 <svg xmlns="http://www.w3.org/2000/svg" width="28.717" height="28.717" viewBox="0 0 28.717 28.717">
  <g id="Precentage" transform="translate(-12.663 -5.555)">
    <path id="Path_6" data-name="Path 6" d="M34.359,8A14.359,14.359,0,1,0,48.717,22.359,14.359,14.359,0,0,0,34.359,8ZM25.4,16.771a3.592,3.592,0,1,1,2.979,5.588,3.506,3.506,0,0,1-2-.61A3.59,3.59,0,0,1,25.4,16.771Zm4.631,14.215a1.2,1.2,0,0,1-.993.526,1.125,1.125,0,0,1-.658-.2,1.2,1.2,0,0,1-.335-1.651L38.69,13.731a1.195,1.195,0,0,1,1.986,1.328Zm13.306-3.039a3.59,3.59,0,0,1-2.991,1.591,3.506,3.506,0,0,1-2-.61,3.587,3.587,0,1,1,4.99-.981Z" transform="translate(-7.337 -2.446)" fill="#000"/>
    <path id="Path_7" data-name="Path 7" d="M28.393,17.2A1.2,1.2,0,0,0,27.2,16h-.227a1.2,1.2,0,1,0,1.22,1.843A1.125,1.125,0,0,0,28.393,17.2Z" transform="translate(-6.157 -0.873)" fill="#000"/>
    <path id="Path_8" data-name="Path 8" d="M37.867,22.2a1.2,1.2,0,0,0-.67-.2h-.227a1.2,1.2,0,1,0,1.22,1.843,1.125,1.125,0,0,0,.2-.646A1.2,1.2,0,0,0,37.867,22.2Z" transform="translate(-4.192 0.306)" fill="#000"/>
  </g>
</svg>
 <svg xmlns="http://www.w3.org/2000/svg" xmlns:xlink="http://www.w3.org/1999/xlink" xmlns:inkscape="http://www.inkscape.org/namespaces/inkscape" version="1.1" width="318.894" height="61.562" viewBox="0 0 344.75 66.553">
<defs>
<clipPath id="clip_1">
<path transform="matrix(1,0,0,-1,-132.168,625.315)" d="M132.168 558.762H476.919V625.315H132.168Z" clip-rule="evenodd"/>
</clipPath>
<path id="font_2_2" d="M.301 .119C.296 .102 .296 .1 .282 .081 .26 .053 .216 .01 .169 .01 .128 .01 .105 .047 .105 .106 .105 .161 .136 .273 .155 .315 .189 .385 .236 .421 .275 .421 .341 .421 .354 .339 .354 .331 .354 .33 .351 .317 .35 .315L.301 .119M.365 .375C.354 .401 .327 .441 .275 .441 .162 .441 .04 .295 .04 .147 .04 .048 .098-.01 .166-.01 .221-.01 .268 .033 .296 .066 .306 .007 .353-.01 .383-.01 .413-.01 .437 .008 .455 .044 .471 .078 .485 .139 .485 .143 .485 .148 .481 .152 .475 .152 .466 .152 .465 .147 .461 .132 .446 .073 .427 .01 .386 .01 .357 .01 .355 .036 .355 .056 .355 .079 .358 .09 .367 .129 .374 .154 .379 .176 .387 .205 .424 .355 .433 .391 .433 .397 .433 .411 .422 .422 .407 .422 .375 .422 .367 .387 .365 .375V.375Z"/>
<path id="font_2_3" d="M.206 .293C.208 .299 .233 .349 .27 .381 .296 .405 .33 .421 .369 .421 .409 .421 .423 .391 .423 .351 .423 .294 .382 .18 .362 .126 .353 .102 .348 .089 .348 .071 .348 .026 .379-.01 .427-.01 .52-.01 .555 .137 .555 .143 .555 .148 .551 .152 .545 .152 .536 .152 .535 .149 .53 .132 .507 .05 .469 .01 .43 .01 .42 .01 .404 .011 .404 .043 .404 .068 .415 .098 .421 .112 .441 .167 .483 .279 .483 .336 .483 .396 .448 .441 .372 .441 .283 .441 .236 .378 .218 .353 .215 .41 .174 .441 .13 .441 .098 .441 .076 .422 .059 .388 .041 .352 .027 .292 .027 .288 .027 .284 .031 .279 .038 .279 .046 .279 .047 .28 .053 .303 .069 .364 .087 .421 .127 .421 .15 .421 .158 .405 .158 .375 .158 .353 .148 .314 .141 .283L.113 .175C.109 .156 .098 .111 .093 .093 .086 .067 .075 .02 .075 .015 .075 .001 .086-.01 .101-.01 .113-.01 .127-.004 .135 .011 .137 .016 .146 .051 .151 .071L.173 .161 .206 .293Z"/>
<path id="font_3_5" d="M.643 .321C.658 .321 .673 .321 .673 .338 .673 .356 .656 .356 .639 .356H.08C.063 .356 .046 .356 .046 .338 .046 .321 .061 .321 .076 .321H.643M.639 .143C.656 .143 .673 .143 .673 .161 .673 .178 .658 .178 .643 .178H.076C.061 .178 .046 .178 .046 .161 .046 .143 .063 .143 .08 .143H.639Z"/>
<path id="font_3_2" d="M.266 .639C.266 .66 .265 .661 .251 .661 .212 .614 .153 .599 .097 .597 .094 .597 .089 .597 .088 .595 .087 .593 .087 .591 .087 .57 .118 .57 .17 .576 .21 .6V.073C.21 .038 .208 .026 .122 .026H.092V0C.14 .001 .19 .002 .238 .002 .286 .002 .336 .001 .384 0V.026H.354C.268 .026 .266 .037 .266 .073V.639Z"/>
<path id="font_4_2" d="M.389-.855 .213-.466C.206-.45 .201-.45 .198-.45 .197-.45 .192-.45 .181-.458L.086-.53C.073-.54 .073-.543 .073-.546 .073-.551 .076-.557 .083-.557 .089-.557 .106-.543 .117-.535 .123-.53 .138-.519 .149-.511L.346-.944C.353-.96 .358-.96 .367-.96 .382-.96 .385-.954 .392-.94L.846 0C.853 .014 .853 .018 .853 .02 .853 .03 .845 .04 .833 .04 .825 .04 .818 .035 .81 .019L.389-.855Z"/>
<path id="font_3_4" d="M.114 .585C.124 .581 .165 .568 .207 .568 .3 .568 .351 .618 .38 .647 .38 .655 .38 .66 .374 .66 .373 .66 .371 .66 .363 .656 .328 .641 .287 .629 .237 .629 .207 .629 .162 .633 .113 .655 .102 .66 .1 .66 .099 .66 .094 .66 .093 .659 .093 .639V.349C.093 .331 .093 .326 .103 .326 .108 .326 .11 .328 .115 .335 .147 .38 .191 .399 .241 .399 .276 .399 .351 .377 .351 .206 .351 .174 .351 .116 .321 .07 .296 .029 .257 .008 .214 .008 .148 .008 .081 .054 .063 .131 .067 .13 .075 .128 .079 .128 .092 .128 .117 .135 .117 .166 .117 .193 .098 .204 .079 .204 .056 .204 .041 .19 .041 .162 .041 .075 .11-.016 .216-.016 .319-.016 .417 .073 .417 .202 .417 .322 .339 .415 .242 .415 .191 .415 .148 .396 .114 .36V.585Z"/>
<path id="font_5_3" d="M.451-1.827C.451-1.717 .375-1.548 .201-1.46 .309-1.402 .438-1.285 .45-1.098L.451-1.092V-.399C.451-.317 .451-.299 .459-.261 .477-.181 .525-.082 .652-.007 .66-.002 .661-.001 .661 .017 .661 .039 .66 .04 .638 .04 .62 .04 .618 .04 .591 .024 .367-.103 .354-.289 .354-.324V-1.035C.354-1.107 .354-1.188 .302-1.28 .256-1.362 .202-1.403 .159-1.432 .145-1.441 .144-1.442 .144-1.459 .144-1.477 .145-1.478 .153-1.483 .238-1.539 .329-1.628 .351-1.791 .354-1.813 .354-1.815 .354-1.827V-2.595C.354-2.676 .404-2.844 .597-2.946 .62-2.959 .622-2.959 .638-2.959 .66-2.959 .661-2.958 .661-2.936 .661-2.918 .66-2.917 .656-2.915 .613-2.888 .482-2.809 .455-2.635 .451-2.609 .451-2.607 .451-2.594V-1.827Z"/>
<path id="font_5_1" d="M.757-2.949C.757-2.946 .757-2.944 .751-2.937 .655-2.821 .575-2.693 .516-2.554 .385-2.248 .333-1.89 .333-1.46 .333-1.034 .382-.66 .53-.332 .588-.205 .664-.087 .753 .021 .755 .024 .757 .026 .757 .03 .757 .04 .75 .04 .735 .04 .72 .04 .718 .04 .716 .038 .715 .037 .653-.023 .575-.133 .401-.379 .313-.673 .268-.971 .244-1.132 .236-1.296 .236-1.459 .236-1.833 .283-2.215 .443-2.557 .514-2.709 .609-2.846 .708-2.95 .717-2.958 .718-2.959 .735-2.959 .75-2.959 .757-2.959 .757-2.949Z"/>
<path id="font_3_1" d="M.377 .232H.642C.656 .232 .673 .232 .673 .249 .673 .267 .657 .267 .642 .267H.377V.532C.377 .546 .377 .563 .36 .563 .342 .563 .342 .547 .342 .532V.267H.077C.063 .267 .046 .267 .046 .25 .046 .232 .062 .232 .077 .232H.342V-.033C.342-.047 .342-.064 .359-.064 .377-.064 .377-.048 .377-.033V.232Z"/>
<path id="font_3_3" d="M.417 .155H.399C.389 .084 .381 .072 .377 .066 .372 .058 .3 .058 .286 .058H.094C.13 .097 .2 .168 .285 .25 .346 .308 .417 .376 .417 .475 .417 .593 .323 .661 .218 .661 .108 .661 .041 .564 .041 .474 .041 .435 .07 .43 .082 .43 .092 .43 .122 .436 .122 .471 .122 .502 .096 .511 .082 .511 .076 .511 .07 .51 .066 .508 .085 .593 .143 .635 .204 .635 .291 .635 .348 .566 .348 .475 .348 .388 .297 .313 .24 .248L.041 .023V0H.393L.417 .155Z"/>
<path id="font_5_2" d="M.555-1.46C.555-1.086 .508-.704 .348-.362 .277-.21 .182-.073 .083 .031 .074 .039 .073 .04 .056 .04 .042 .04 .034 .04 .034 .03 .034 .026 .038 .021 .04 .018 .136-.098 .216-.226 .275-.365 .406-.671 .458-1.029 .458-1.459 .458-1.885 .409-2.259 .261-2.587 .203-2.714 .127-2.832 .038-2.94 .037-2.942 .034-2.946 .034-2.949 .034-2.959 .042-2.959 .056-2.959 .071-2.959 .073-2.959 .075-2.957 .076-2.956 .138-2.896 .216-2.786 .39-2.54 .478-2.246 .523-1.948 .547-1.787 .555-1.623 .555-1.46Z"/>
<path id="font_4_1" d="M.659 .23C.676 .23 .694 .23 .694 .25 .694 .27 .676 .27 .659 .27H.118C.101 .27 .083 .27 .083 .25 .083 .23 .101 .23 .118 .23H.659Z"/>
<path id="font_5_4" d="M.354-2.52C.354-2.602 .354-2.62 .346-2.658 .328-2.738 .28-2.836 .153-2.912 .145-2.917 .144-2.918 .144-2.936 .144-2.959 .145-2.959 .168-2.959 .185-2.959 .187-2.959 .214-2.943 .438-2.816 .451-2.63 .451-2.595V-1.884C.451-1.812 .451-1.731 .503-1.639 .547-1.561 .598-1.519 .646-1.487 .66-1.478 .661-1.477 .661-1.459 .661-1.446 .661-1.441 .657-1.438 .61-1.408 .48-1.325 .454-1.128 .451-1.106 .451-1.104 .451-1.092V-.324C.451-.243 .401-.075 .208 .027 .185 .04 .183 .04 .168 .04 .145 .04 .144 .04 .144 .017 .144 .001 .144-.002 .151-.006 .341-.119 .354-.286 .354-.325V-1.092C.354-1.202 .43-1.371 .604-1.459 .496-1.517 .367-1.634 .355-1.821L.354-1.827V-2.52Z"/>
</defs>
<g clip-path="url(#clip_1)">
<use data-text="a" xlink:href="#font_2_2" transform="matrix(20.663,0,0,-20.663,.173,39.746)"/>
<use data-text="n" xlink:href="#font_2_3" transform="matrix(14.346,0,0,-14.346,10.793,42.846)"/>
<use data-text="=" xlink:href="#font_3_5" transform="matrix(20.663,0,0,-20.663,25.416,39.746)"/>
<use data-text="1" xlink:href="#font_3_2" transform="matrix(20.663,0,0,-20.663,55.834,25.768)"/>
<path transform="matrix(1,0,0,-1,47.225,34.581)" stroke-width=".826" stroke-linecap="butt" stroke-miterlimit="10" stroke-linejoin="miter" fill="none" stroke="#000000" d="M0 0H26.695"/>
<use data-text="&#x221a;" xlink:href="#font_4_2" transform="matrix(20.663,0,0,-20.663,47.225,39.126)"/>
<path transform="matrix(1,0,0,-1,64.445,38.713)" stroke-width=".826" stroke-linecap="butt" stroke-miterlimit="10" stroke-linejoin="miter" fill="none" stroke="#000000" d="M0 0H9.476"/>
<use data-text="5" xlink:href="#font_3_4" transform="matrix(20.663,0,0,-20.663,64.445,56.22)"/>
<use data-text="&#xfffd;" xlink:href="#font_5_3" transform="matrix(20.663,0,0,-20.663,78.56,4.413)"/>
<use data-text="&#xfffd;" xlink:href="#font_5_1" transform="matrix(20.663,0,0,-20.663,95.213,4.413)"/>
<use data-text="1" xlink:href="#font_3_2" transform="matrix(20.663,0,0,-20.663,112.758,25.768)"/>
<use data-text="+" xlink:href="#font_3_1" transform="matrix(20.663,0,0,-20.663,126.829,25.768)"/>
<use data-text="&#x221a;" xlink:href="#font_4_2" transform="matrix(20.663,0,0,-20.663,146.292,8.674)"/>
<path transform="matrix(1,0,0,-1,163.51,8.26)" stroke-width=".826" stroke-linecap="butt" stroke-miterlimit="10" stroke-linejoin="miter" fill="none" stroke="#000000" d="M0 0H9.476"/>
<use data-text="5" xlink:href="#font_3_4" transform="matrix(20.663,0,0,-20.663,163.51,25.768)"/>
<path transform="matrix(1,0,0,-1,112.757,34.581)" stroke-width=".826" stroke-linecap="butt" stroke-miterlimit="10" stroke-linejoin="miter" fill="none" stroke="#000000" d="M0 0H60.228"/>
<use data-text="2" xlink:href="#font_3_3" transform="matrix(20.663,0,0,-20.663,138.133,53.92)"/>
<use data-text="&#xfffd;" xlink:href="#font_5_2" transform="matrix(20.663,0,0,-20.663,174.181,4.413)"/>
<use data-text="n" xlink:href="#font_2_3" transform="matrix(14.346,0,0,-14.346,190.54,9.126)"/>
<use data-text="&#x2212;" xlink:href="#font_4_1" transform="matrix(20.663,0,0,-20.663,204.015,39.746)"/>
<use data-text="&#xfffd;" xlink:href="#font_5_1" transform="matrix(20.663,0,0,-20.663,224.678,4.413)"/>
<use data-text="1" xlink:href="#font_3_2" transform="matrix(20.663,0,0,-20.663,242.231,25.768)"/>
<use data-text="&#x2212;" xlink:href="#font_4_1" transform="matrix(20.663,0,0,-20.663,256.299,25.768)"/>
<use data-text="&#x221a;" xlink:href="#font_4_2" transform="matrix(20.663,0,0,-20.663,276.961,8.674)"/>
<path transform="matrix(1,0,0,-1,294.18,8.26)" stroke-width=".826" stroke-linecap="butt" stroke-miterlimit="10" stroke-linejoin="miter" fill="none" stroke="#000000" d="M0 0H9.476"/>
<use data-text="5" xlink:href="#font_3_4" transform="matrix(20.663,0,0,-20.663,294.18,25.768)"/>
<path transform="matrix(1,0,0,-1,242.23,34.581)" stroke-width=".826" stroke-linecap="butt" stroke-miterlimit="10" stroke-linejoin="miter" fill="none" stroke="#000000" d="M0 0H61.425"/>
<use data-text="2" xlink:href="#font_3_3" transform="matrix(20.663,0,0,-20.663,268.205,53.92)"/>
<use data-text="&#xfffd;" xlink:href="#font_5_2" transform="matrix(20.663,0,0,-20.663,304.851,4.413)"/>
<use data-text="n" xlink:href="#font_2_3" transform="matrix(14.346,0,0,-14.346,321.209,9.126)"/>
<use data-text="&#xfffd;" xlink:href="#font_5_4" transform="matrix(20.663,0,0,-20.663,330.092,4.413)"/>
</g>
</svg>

Task brief
Copy out each line of the records above that includes "http".

Completed task
 <svg xmlns="http://www.w3.org/2000/svg" width="28.717" height="28.717" viewBox="0 0 28.717 28.717">
 <svg xmlns="http://www.w3.org/2000/svg" xmlns:xlink="http://www.w3.org/1999/xlink" xmlns:inkscape="http://www.inkscape.org/namespaces/inkscape" version="1.1" width="318.894" height="61.562" viewBox="0 0 344.75 66.553">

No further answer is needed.